Data excerpts:
────────

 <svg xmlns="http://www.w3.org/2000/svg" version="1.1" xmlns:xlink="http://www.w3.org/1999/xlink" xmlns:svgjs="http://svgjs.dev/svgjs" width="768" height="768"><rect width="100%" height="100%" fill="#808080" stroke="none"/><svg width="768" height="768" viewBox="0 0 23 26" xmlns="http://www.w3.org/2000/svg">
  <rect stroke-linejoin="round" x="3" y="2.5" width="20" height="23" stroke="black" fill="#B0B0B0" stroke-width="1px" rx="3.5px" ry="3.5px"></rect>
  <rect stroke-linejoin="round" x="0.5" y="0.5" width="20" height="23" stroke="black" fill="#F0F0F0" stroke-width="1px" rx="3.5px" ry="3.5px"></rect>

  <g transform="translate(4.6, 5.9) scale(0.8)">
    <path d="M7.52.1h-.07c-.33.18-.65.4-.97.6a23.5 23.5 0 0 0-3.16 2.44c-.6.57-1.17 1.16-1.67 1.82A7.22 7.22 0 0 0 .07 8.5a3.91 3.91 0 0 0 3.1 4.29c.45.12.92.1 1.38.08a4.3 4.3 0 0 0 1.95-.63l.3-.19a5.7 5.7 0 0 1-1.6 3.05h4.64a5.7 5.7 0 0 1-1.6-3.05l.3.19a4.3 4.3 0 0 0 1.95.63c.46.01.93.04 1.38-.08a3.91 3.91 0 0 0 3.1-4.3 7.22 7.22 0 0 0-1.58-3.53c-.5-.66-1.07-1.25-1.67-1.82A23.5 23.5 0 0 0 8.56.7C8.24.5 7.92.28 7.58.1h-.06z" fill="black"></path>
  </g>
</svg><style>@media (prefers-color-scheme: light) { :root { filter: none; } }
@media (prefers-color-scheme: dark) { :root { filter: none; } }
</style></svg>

────────

# [TASK STATEMENT]
What lines above mention "scheme"? Copy each one.

# [ANSWER]
</svg><style>@media (prefers-color-scheme: light) { :root { filter: none; } }
@media (prefers-color-scheme: dark) { :root { filter: none; } }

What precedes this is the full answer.